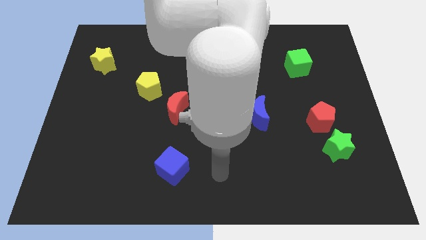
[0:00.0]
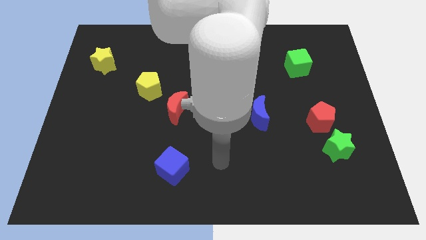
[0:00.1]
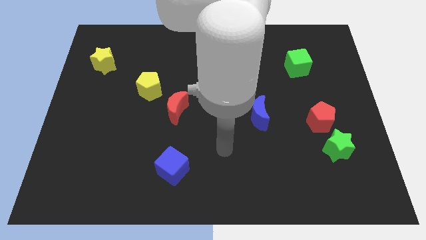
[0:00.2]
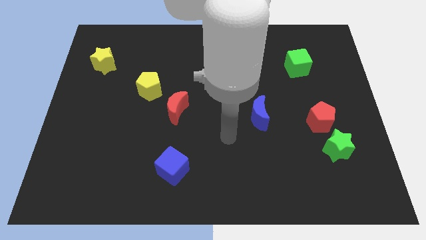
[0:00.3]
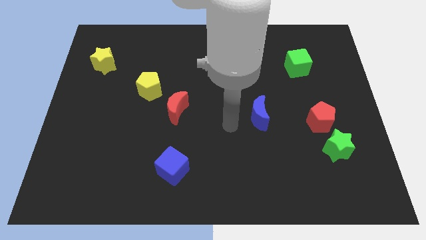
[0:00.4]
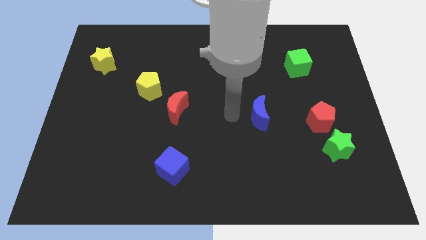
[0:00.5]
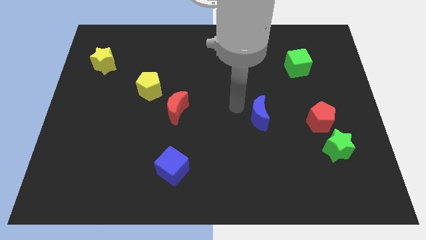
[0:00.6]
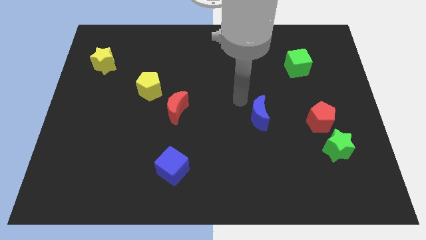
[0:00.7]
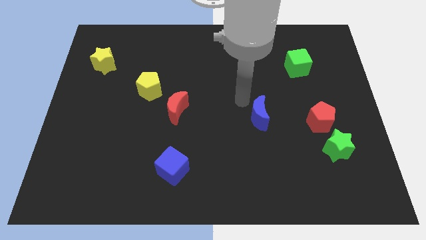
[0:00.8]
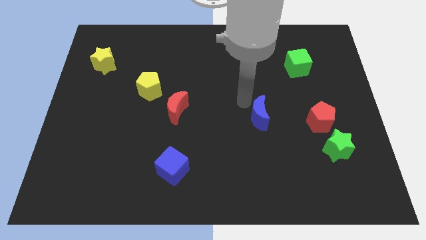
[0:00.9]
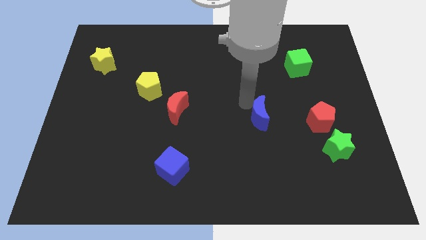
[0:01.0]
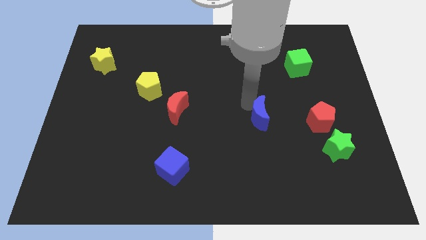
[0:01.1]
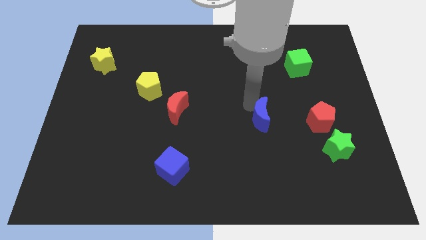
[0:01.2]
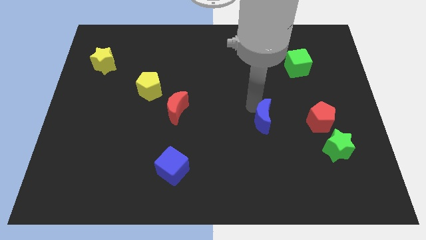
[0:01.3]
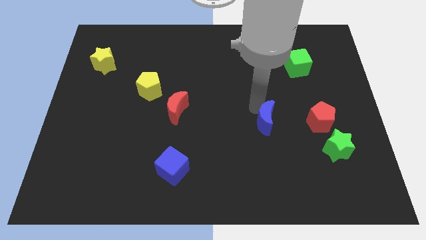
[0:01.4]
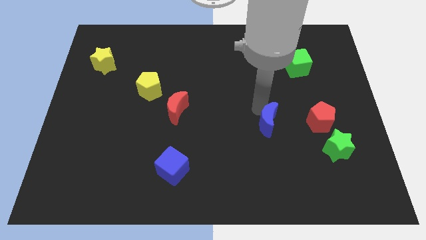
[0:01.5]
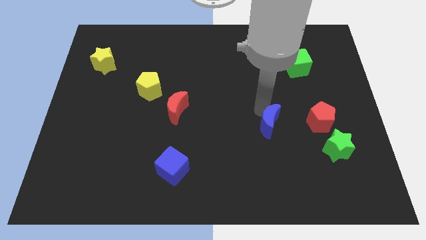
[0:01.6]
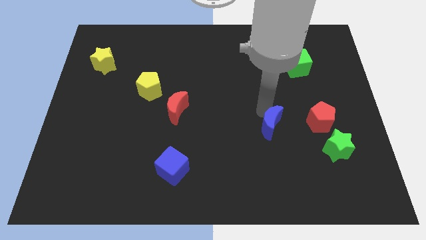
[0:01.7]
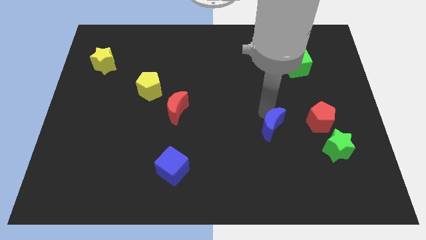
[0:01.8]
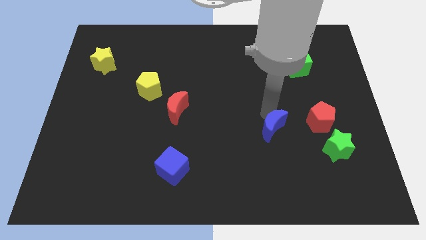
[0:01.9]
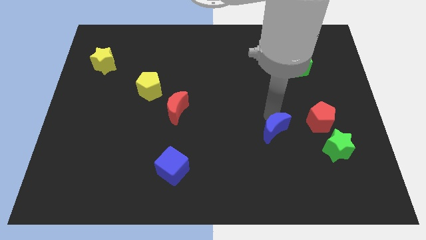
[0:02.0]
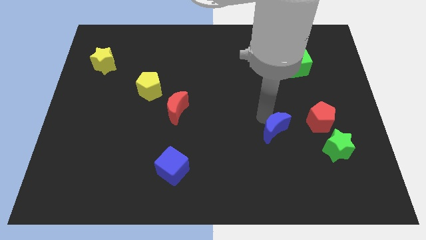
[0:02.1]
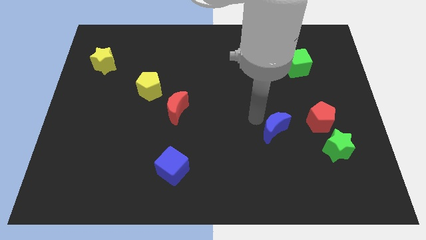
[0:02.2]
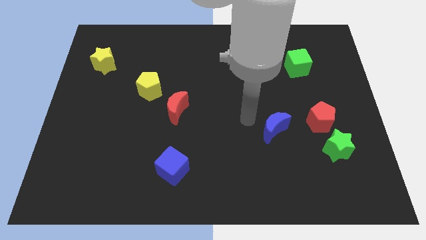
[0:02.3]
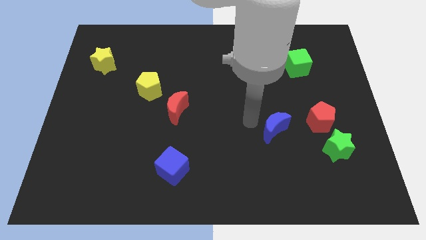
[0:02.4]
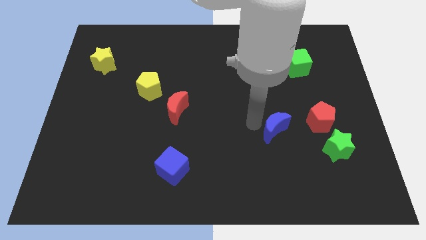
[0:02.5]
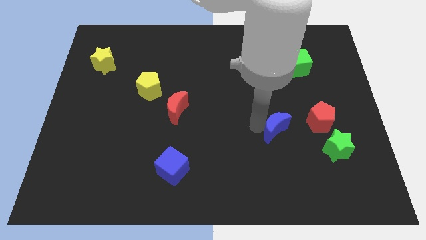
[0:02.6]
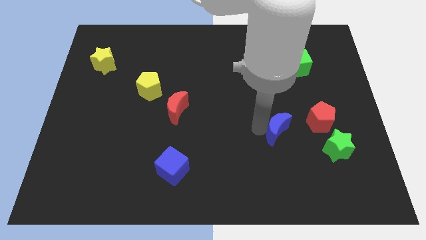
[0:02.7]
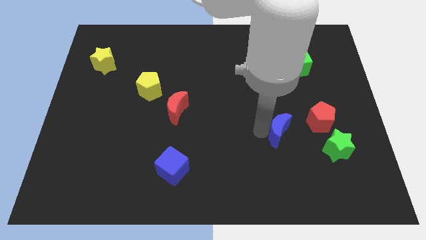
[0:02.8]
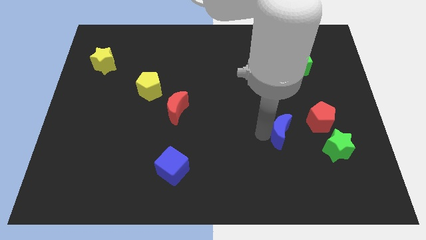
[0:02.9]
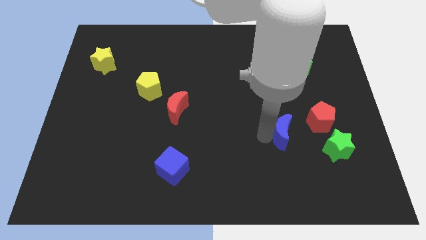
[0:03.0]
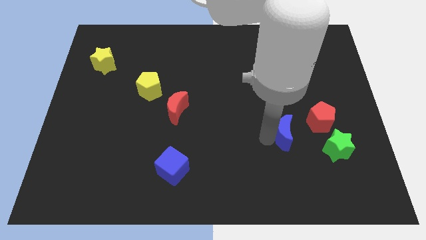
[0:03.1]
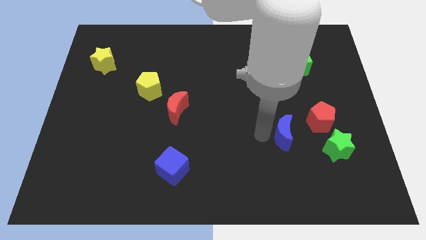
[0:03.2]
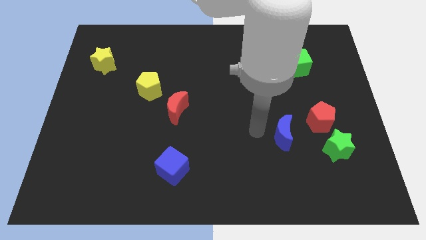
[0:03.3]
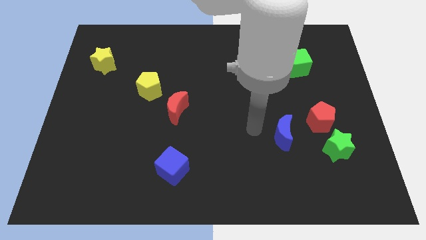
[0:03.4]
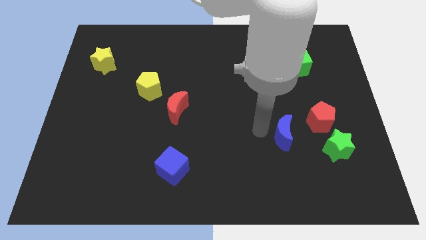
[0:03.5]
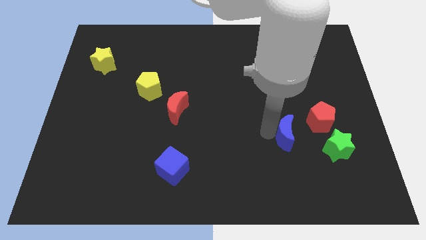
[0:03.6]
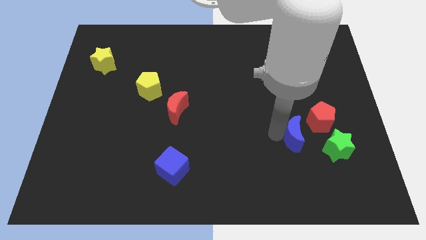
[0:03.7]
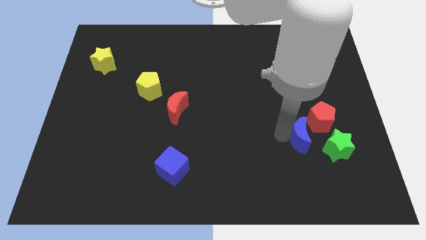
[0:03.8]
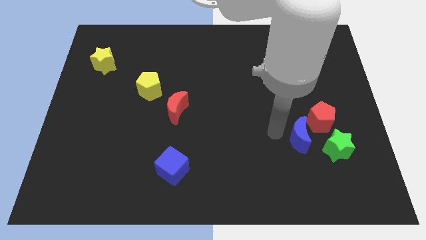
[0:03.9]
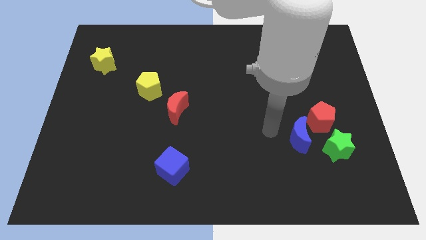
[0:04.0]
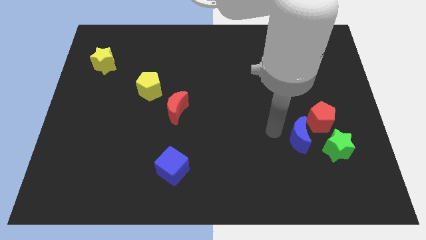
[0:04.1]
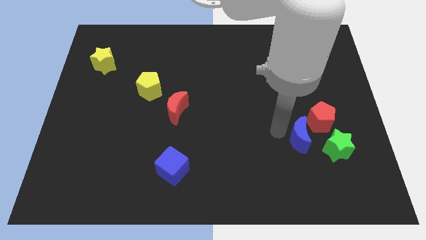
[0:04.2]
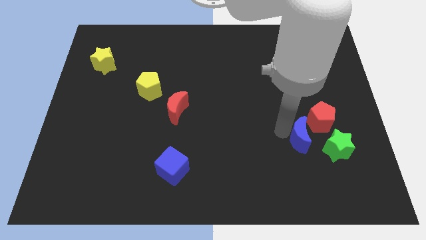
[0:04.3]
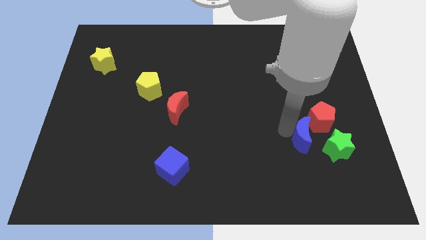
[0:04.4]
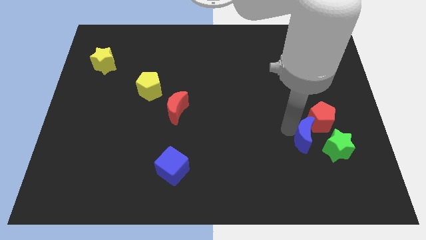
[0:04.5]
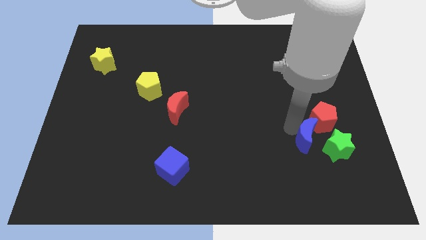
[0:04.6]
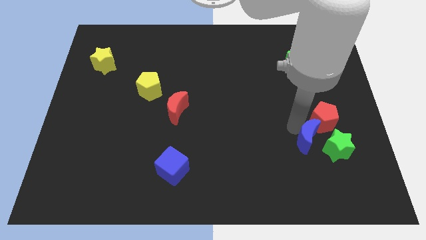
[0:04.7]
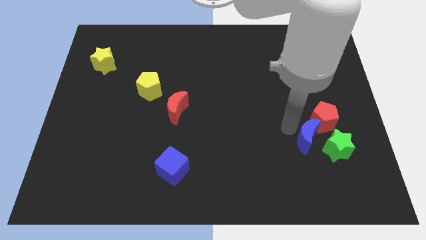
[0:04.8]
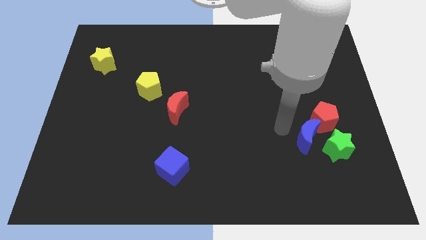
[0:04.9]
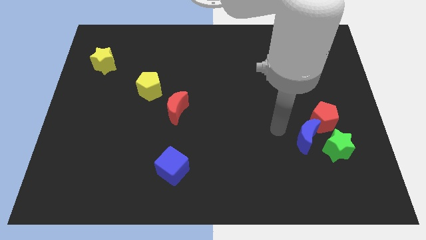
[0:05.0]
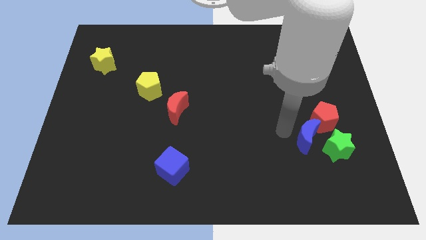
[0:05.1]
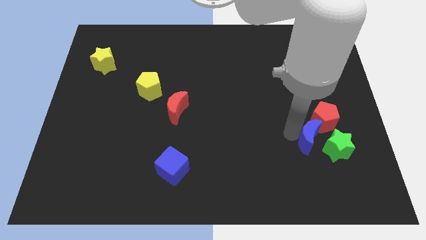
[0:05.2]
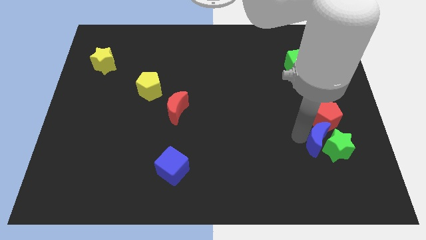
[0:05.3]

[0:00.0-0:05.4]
slide the blue moon to the green star

# EXERCISE AIM
Every entry must be reproduced exactly, with the images left out.

# COMPLETED EXERCISE
[0:00.0]
[0:00.1]
[0:00.2]
[0:00.3]
[0:00.4]
[0:00.5]
[0:00.6]
[0:00.7]
[0:00.8]
[0:00.9]
[0:01.0]
[0:01.1]
[0:01.2]
[0:01.3]
[0:01.4]
[0:01.5]
[0:01.6]
[0:01.7]
[0:01.8]
[0:01.9]
[0:02.0]
[0:02.1]
[0:02.2]
[0:02.3]
[0:02.4]
[0:02.5]
[0:02.6]
[0:02.7]
[0:02.8]
[0:02.9]
[0:03.0]
[0:03.1]
[0:03.2]
[0:03.3]
[0:03.4]
[0:03.5]
[0:03.6]
[0:03.7]
[0:03.8]
[0:03.9]
[0:04.0]
[0:04.1]
[0:04.2]
[0:04.3]
[0:04.4]
[0:04.5]
[0:04.6]
[0:04.7]
[0:04.8]
[0:04.9]
[0:05.0]
[0:05.1]
[0:05.2]
[0:05.3]

[0:00.0-0:05.4]
slide the blue moon to the green star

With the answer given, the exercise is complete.